The Constitution and the private sector

The view that the protection of the Constitution is restricted to the public sector is based on a bygone political ideology. 

SOMETIMES trivial issues ignite tremendous debates.

If a laundromat owner running a public utility business that is licensed by a local authority excludes non-Muslim clients, is his discriminatory conduct counter to the uplifting message of our Constitution that “all persons are equal before the law”?

Is his conduct a violation of the provision that “except as expressly authorised ... there shall be no discrimination ... on the ground only of religion, race, descent, place of birth or gender...”?

Opinions are deeply divided.

Inapplicability of Constitution: Some scholars are of the view (and I respectfully disagree with them) that the shade of the Constitution applies only to “public law” situations involving the citizens’ relationship with public authorities.

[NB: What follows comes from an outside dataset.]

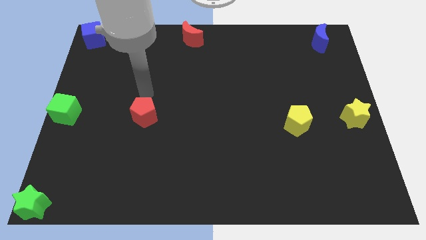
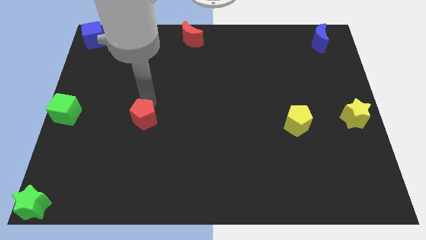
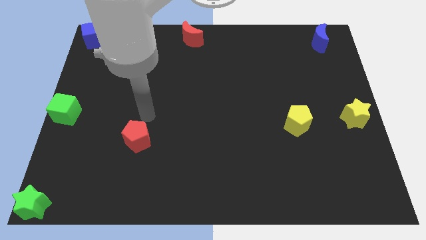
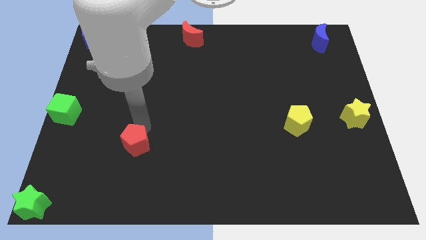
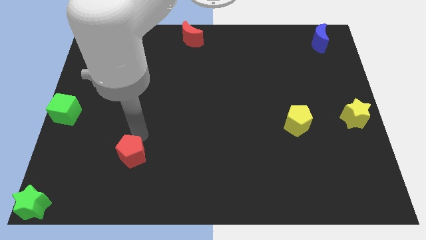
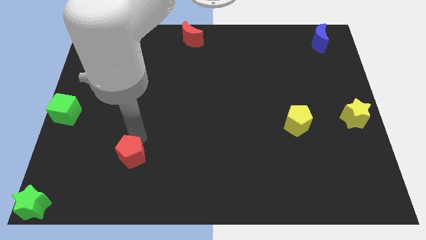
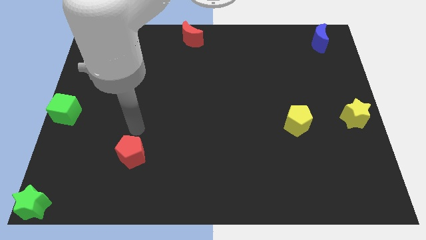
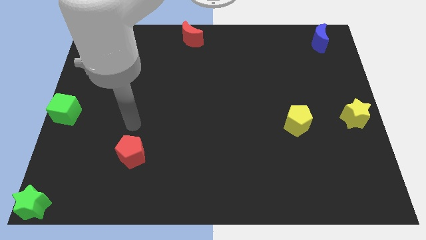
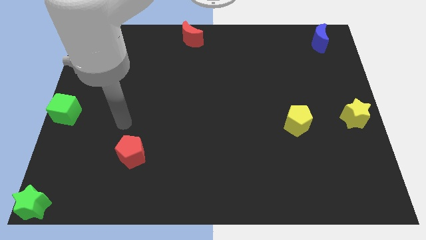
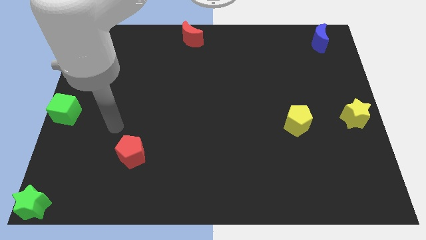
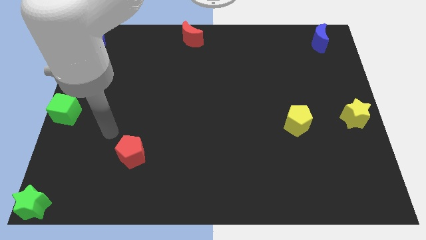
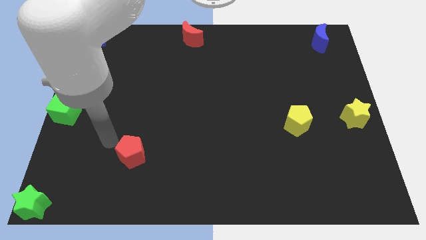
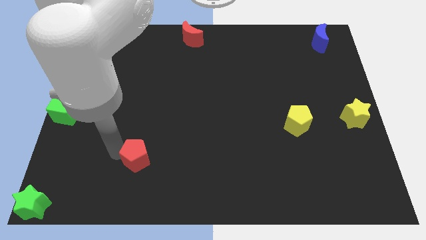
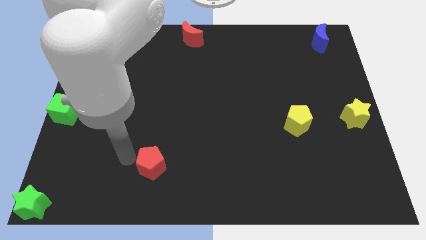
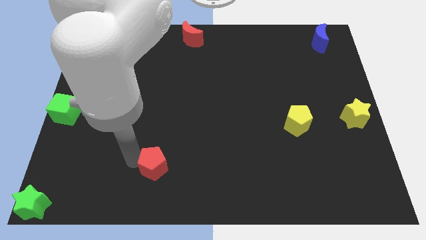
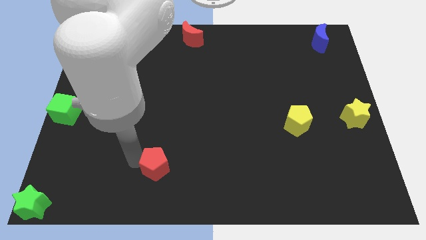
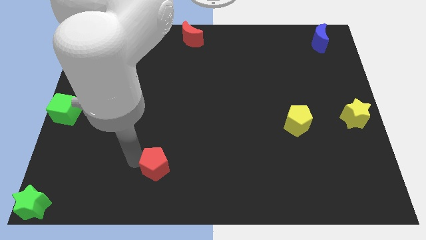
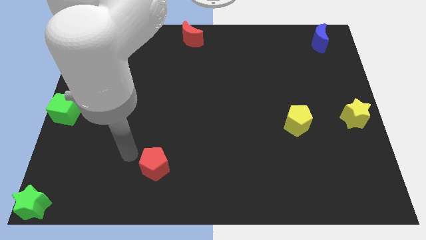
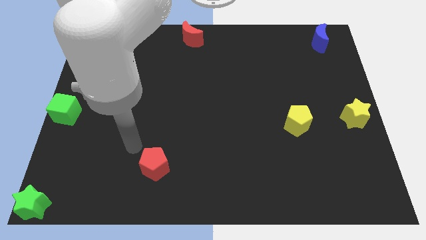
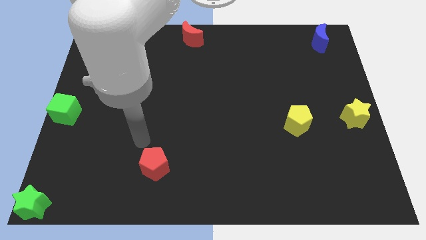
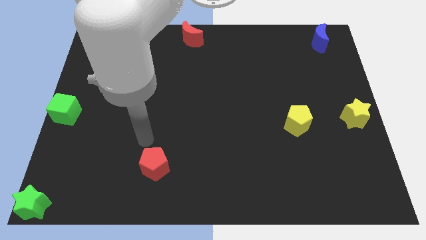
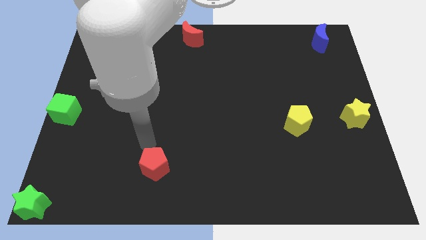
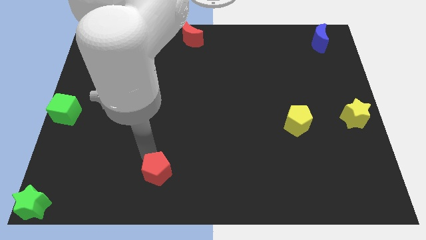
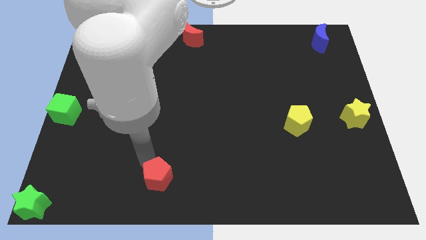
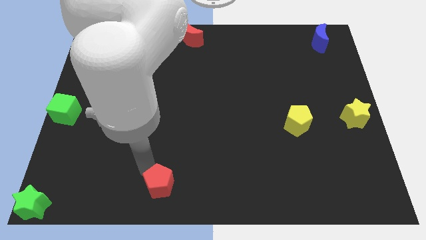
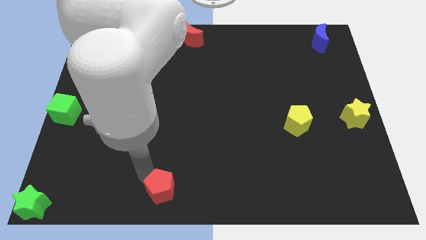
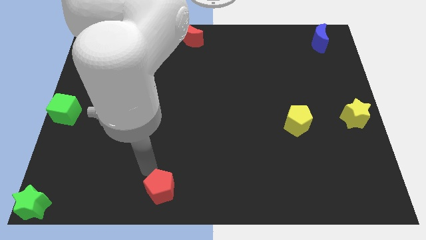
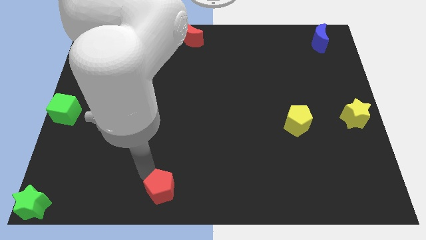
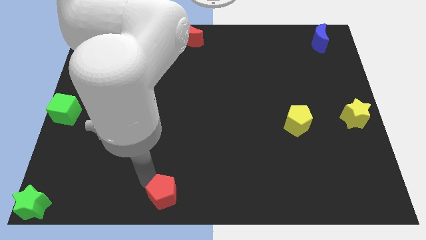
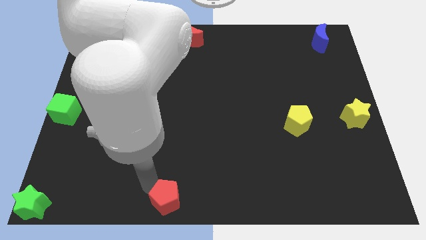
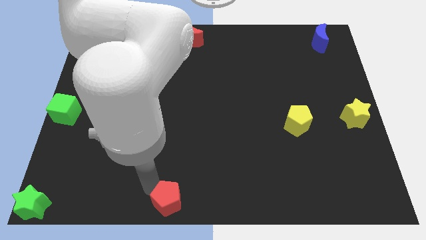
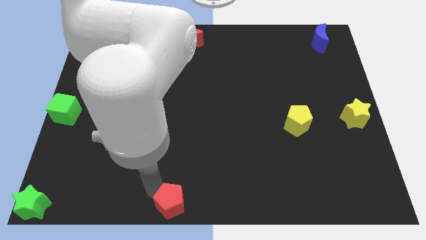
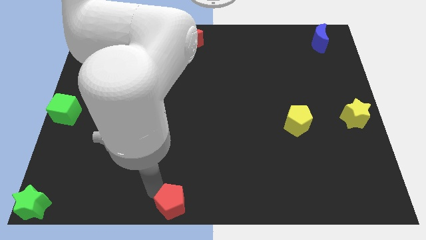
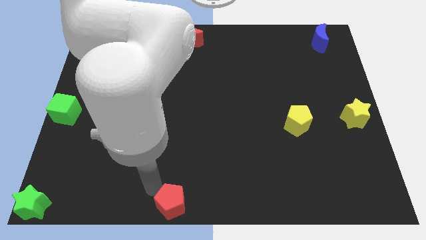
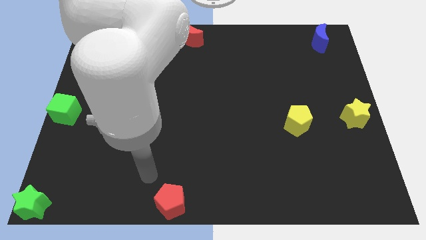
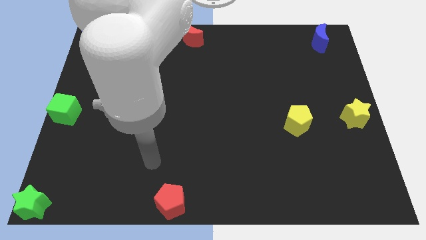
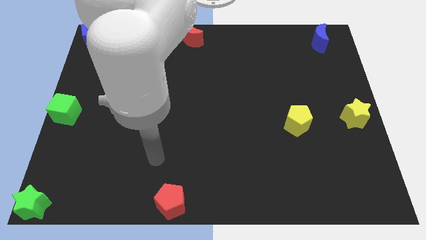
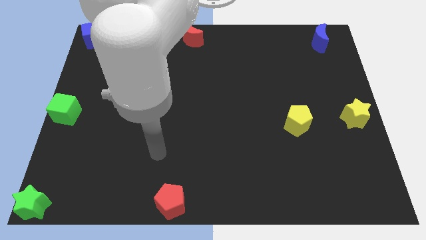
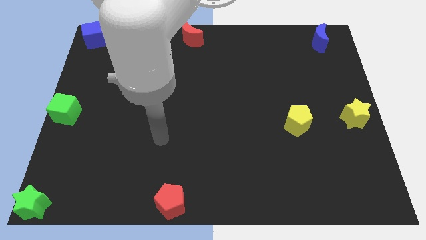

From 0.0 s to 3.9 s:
move the red pentagon to the bottom center of the board

It was said in Beatrice Fernandez v Sistem Penerbangan Malaysia that constitutional law deals with the contravention of individual rights by the legislature or the executive or its agencies and does not apply to the infringements of an individual’s right by another individual.

This means that purely contractual, commercial and domestic relationships – parent-child, school-pupil, employer-employee, and business-client relationships – are largely excluded from the Constitution’s sacred mandate.

Thus, in Teoh Eng Huat (1990) a parent can prevent his minor child from exercising her freedom of religion to convert.

Employment: In Beatrice Fernandez it was held that the guarantee of gender equality applies only to employment under a public authority, so that a flight stewardess with a private company can be sacked because she got pregnant contrary to a collective agreement.

No law was violated: In the USA’s Civil Rights Act and the United Kingdom’s Race Relations Act, discrimination in the private sector is banned if the business hires more than a certain number of employees or serves more than a certain number of clients.

Malaysia has virtually no anti-discrimination laws for the private sector. This means that till the law changes, private businesses are free to choose their customers irrespective of the Constitution’s promise of non-discrimination. It would be different if a law, like the Private Higher Educational Institutions Act 1996 does, were to explicitly mandate that membership of a private higher educational institute shall be open to all persons irrespective of sex, race, religion, nationality or class.

Broader perspective: The above restrictive view that the beneficence of the Constitution is restricted to the public sector is based on a bygone political ideology that Constitutions are drafted to protect citizens only against the tyranny of the state.

The reality today is that corporate power rivals and, in some instances, exceeds government power. Tyranny is tyranny, no matter what its source – public or private, offshore or onshore.

It was an error of jurisprudence for the judges in the Beatrice Fernandez case to hold that the guarantees of the Constitution apply only against public authorities. Many provisions of the chapter on fundamental liberties imply otherwise.

Article 5: This Article safeguards personal liberty. In both Malaysia and India, the writ of habeas corpus has been issued against parents detaining their adult daughters to prevent the offspring from exercising their life choices of marriage, residence and employment: Munusamy v Subramaniam; Rajmohan v Sulaiman.

Article 8(1): This provision is beautifully worded. “All persons are equal before the law and entitled to the equal protection of the law”. This is in contrast with India, where Article 14 says “the state shall not deny to any person equality before the law or the equal protection of the law”. In Malaysia, the provision is not confined to the state.

Article 8(2): This article bans discrimination in many areas. One of them is public employment. But there are other prohibitions which would conceivably cover the private sector as well, for example the administration of any law relating to the carrying on of any trade, business, profession or vocation.

It is noteworthy that the laundry businesses in Johor and Perlis were subject to a licensing requirement under a local authority law.

Other fundamental liberties: Freedom of association (as, for example, the right to unionise), freedom of religion and right to property are available against all persons and not just public authorities.

Suggestions: It is time to broaden our horizons and abandon the belief that human rights apply only against the state.

A person can be allowed to discriminate in the choice of his cook, driver or maid. But when it comes to supplying a public service where there is a public law element, the safeguards of constitutional and administrative law must apply.

Not the issue of public law or private law, but the criterion of reasonableness should be employed as was the case in Meor Atiqulrahman Ishak (2000). A school can prevent the wearing of serbans at school assemblies.

In Halimatussaadiah v Public Services Commission, the Govern-ment as an employer can impose a reasonable dress requirement on its employee, barring her from wearing purdah to office despite the claim of freedom of religion.

In addition, Parliament must enact a National Harmony Act to forbid race and religious discrimination in all sectors, save to the extent explicitly permitted by the Consti-tution. This will be in line with worldwide trends.

Emeritus Professor Datuk Dr Shad Saleem Faruqi is Tunku Abdul Rahman Professor of Law at Universiti Malaya. The views expressed here are entirely the writer’s own.